According to C++ Standard (5/5) dividing by zero is undefined behavior. Now consider this code (lots of useless statements are there to prevent the compiler from optimizing code out):
int main() { char buffer[1] = {}; int len = strlen( buffer ); if( len / 0 ) { rand(); } } Visual C++ compiles the if-statement like this:
sub eax,edx cdq xor ecx,ecx idiv eax,ecx test eax,eax je wmain+2Ah (40102Ah) call rand Clearly the compiler sees that the code is to divide by zero - it uses xor x,x pattern to zero out ecx which then serves the second operand in integer division.
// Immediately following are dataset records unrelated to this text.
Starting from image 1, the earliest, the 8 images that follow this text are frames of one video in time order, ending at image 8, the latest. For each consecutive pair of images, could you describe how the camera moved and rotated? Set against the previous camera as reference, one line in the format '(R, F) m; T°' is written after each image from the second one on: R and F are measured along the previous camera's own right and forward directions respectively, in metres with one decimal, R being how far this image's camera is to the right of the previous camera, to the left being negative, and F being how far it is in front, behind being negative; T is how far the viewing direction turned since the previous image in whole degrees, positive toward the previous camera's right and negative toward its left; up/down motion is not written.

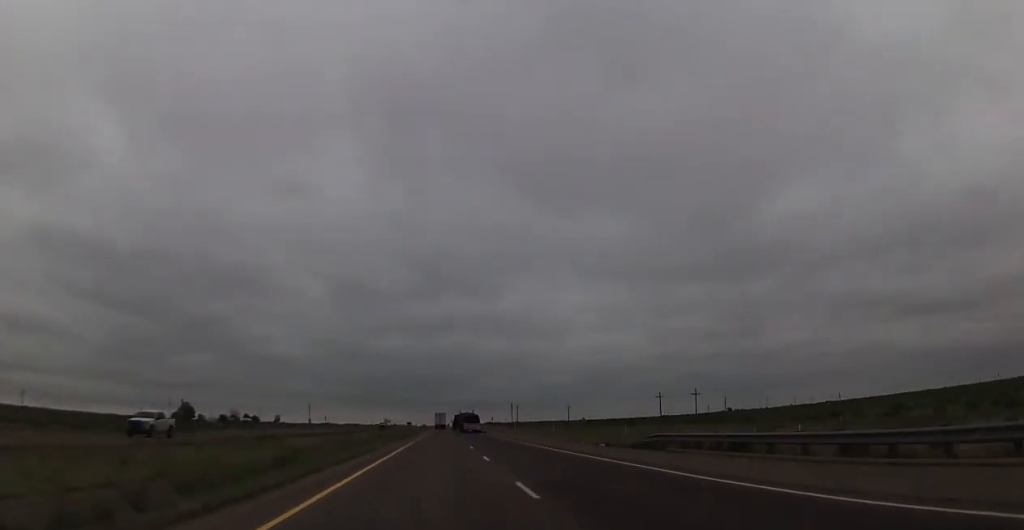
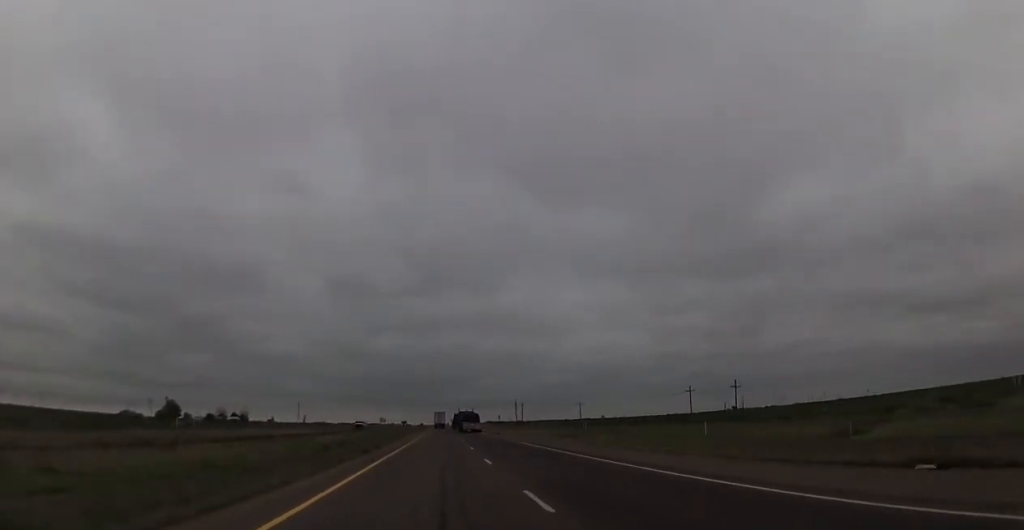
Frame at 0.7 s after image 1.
(-0.1, +25.6) m; 0°
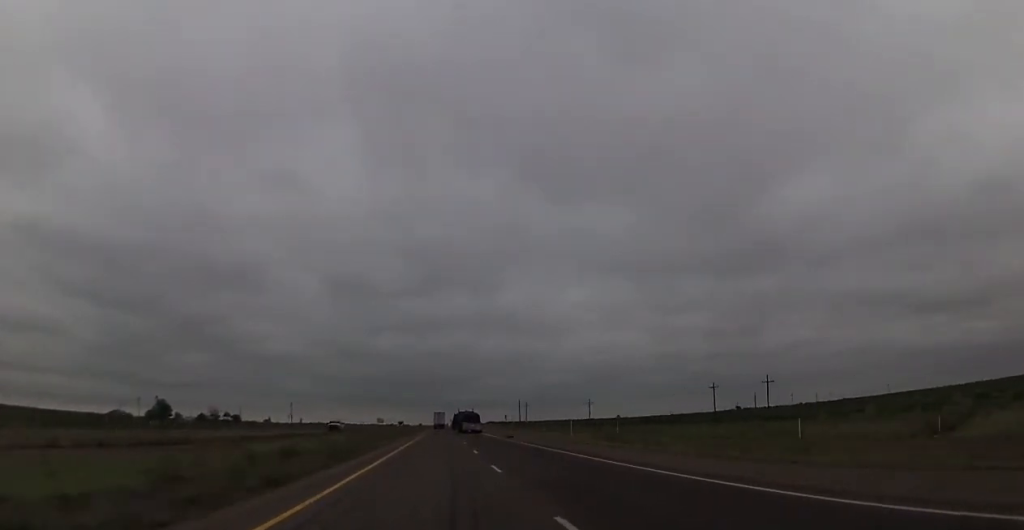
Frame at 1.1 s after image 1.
(+0.1, +15.9) m; 0°
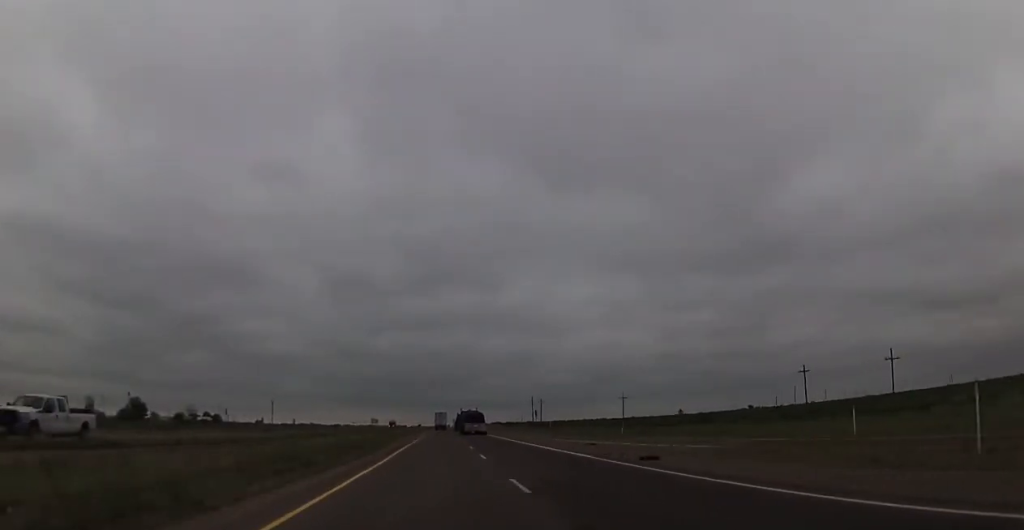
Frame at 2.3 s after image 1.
(+0.1, +41.6) m; 0°
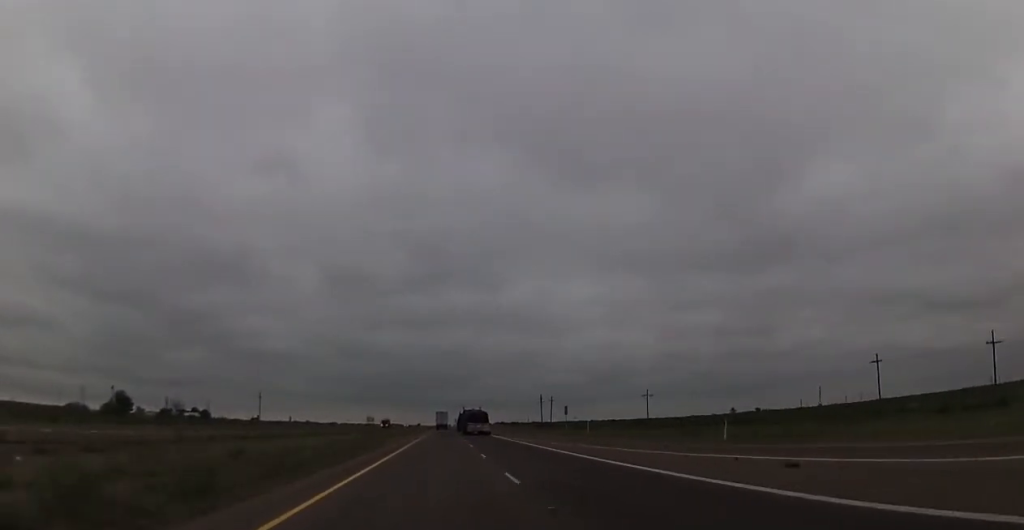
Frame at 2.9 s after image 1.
(-0.1, +22.0) m; 0°
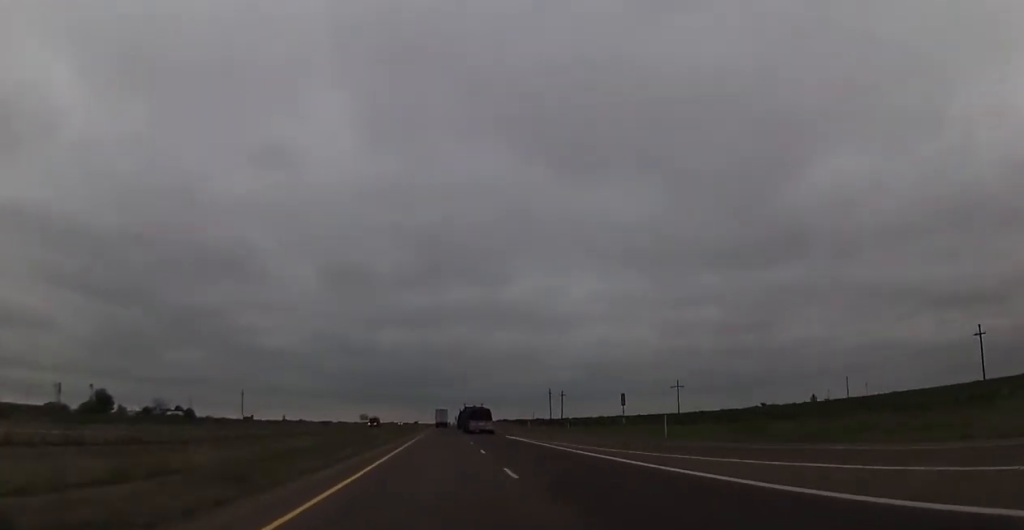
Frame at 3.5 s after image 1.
(+0.1, +23.2) m; 0°
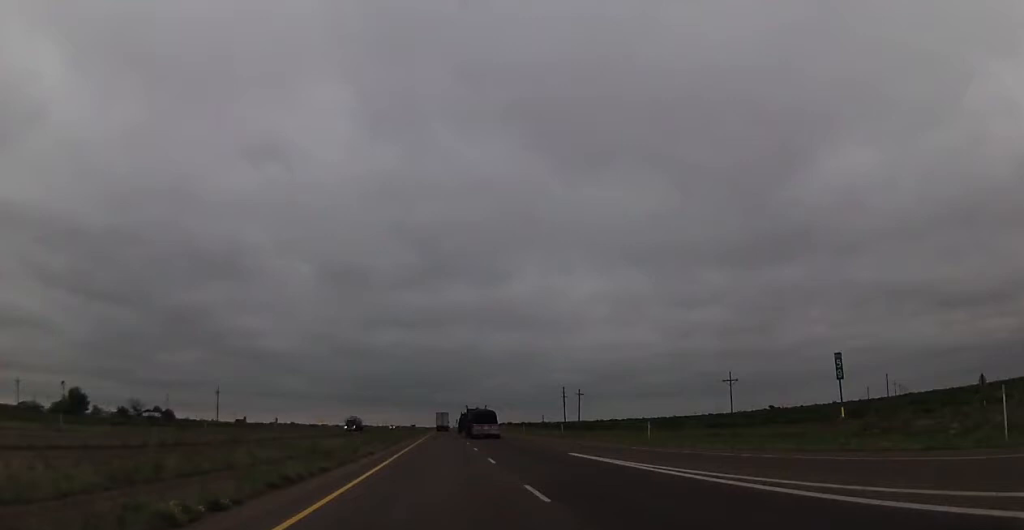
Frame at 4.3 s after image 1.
(-0.2, +28.2) m; 0°
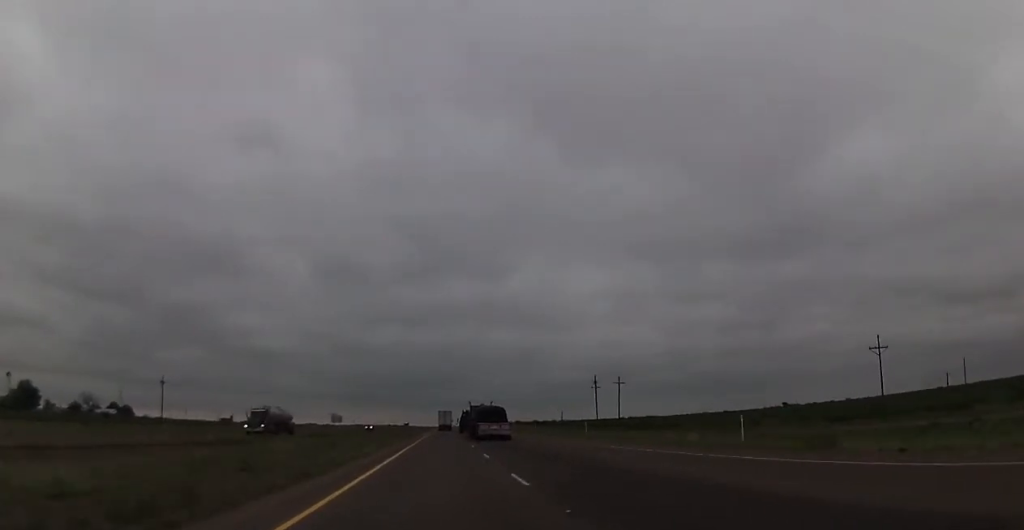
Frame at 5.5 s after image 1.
(+0.1, +45.4) m; +1°

This code will definitely trigger an "integer division by zero" error at runtime.
IMO such cases (when the compiler knows that the code will divide by zero at all times) are worth a compile-time error - the Standard doesn't prohibit that. That would help diagnose such cases at compile time instead of at runtime.
However I talked to several other developers and they seem to disagree - their objection is "what if the author wanted to divide by zero to... emm... test error handling?"
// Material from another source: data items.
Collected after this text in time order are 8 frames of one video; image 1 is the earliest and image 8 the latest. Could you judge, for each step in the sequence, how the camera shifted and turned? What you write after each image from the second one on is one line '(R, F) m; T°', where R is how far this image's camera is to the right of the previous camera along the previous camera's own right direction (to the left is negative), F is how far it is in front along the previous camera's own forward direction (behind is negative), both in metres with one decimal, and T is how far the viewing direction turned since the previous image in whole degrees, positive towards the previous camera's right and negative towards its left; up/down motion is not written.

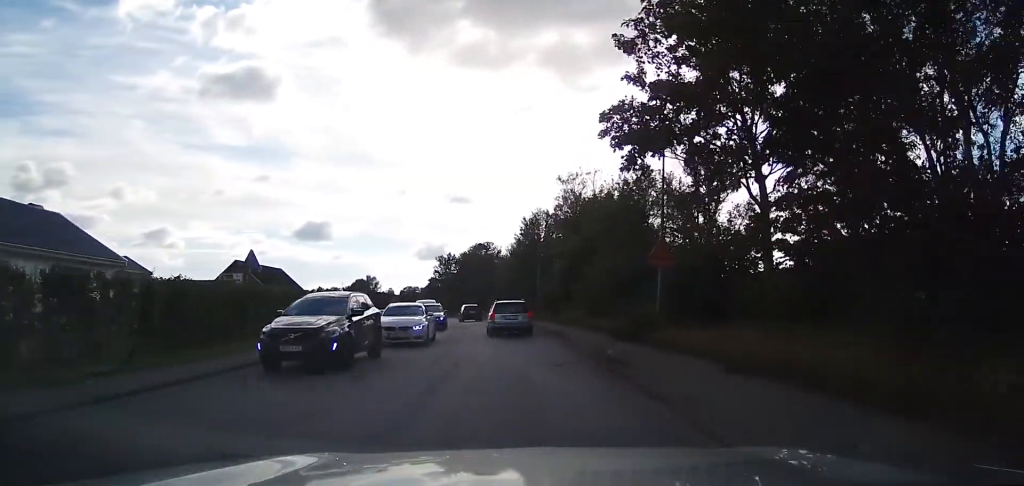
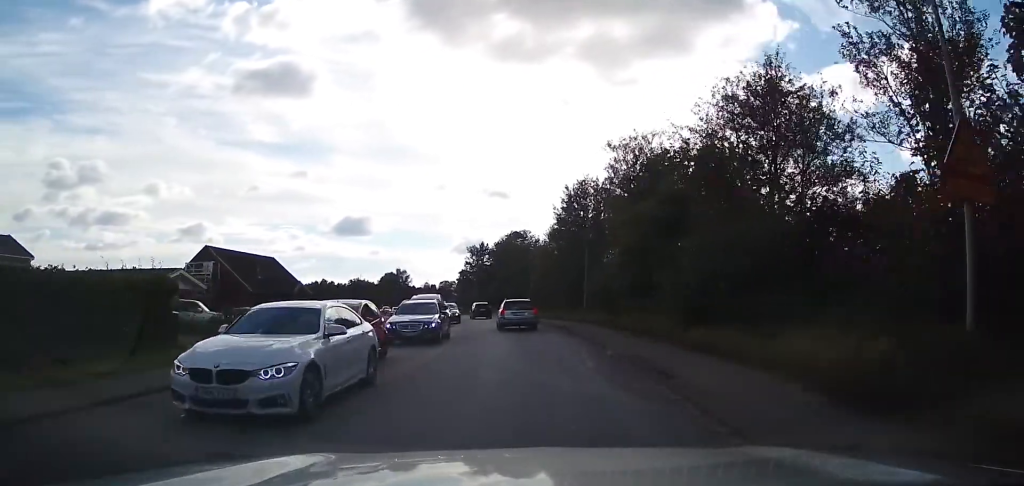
(-0.2, +11.9) m; -3°
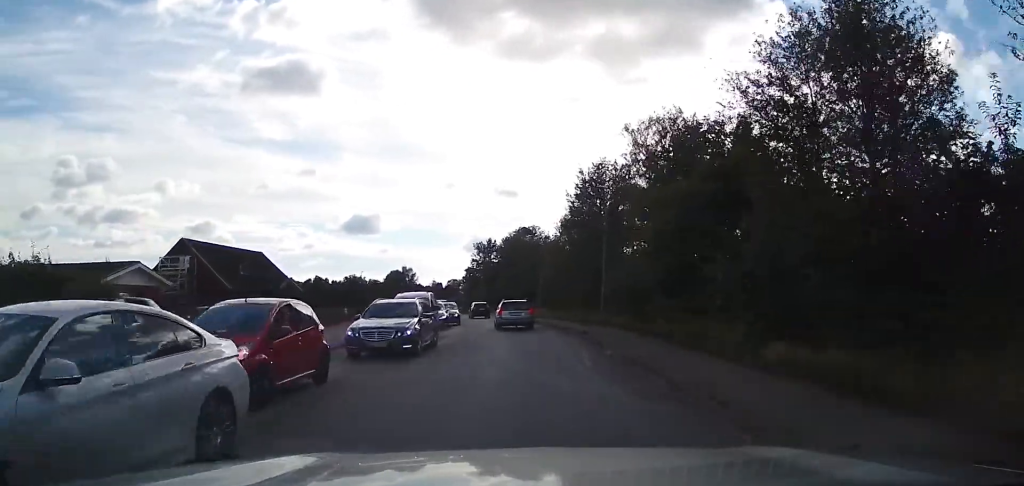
(-0.3, +4.6) m; -4°
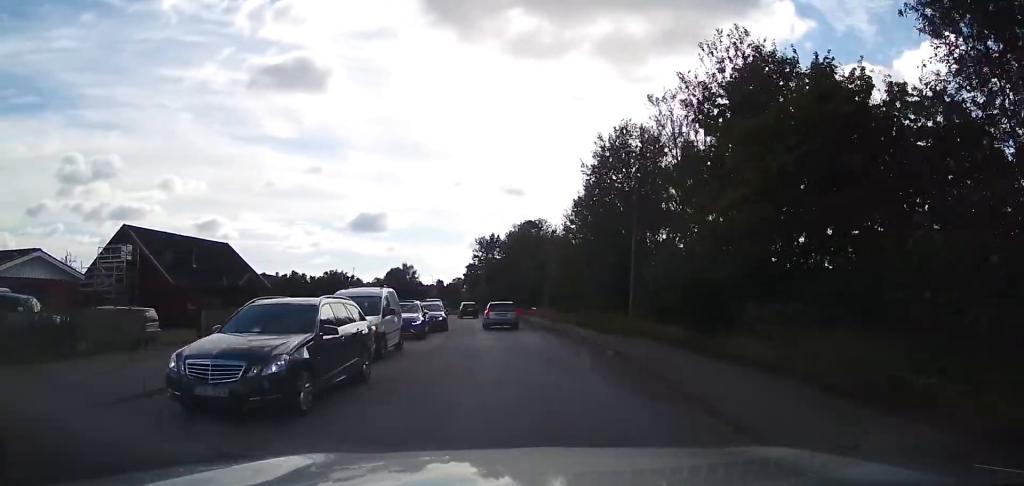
(-0.3, +7.1) m; -1°
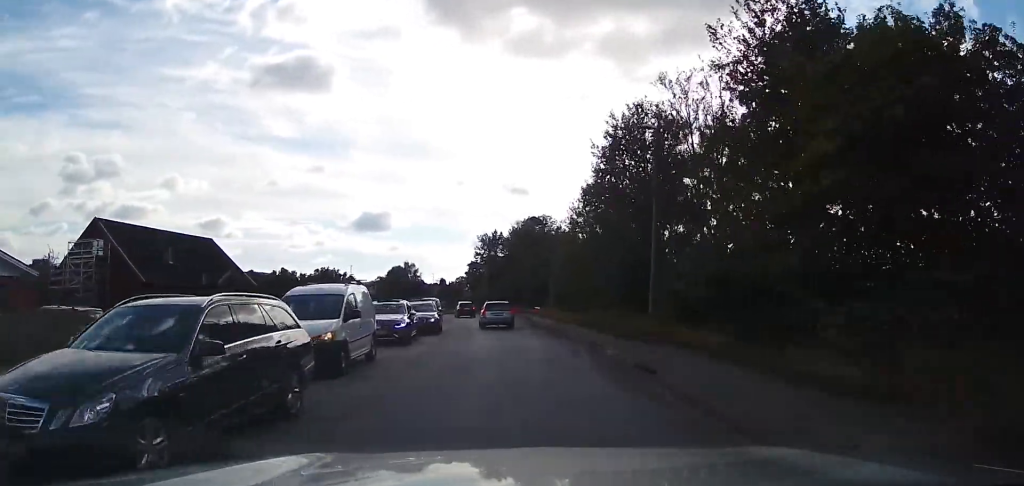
(0.0, +3.0) m; 0°
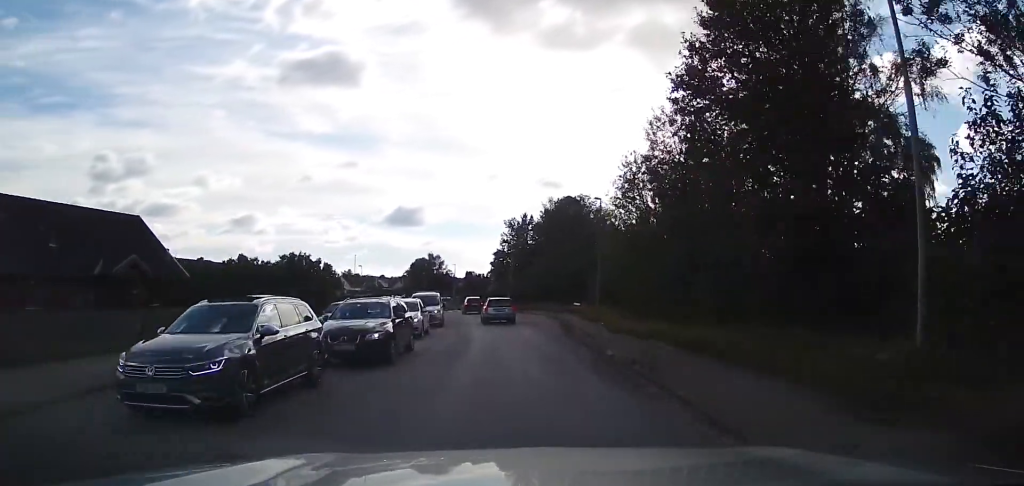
(-0.8, +12.0) m; -5°
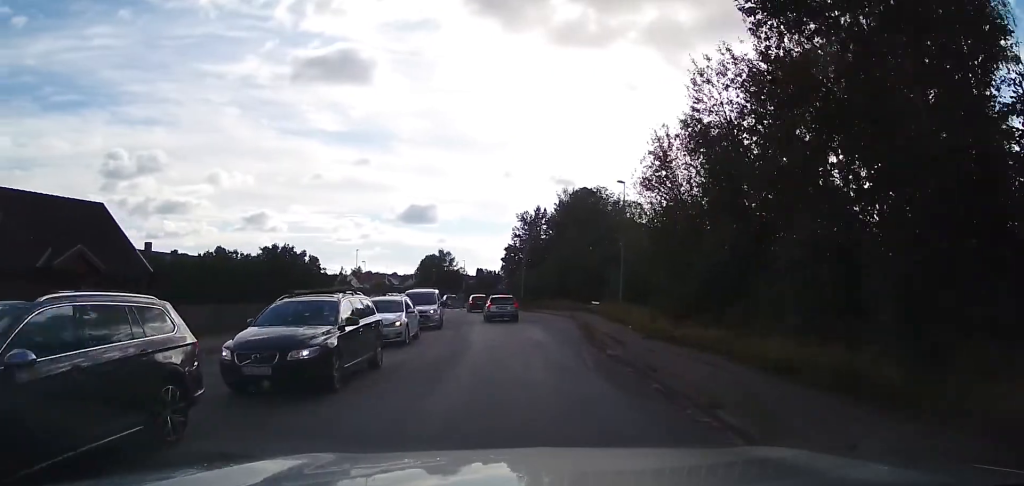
(+0.2, +4.4) m; 0°
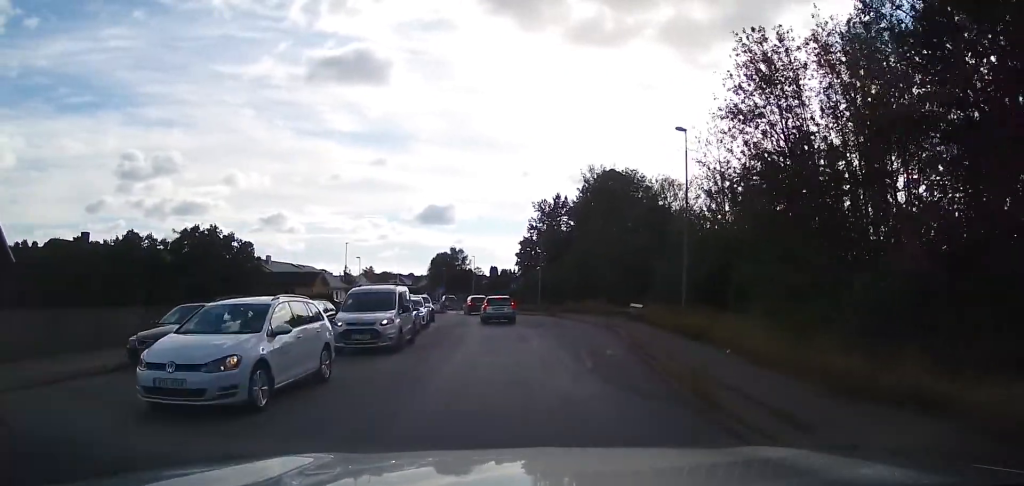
(-0.3, +9.9) m; -6°

Intentionally dividing by zero without compiler awareness is not that hard - using __declspec(noinline) Visual C++ specific function decorator:
__declspec(noinline) void divide( int what, int byWhat ) { if( what/byWhat ) { rand(); } } void divideByZero() { divide( 0, 0 ); } which is much more readable and maintainable. One can use that function when he "needs to test error handling" and have a nice compile-time error in all other cases.
Am I missing something? Is it necessary to allow emission of code that the compiler knows divides by zero?